I am trying to replicate an ESS (effective sample size) calculation using the method of Vehtari et al. in: Rank-normalization, folding, and localization: An improved Rhat for assessing convergence of MCMC
I am working from the code here: https://github.com/avehtari/rhat_ess/blob/master/code/monitornew.R
# Geyer's initial positive sequence
rho_hat_t <- rep.int(0, n_samples)
t <- 0
rho_hat_even <- 1
rho_hat_t[t + 1] <- rho_hat_even
rho_hat_odd <- 1 - (mean_var - mean(acov[t + 2, ])) / var_plus # 251
rho_hat_t[t + 2] <- rho_hat_odd
while (t < nrow(acov) - 5 && !is.nan(rho_hat_even + rho_hat_odd) &&
(rho_hat_even + rho_hat_odd > 0)) {
t <- t + 2
rho_hat_even = 1 - (mean_var - mean(acov[t + 1, ])) / var_plus # 256
rho_hat_odd = 1 - (mean_var - mean(acov[t + 2, ])) / var_plus # 257
if ((rho_hat_even + rho_hat_odd) >= 0) {
rho_hat_t[t + 1] <- rho_hat_even
rho_hat_t[t + 2] <- rho_hat_odd
}
}
I can follow the code from the paper except when we get to equation 10 in the paper (calculating the cross-chain autocorrelation).

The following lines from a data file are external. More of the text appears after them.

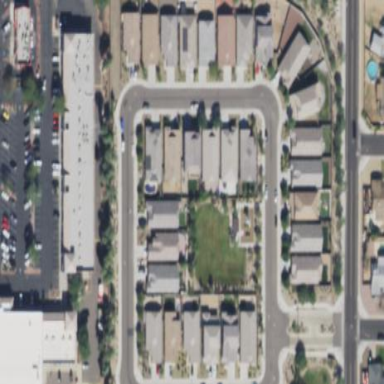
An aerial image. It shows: This residential area consists of single-family homes.
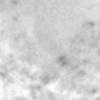
Label: no_change
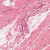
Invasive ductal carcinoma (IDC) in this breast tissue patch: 0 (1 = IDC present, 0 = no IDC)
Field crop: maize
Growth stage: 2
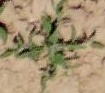
Species: atriplex
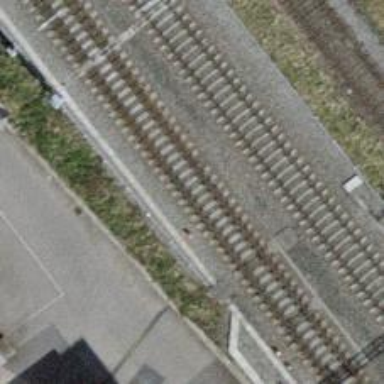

The code (lines 251, 256 and 257) appears in the form:
1 - (mean_var - mean(acov[t + 1, ])) / var_plus
which is close to equation 10, except the missing the 's' terms from equation 10:
I can't see anywhere in the code that this is somehow accounted for elsewhere in the way the calculation is being done. I have tried putting the 's' terms back into those lines of code and it makes a big difference to the final ESS value.
Is anyone able to help me understand the discrepancy between paper and code?
Thanks.
In the formula in the paper, s^2
is is the estimate of variance and rho
the estimate of autocorrelation. Thus s^2 * rho
is an estimate of the autocovariance, which is what you see in the code.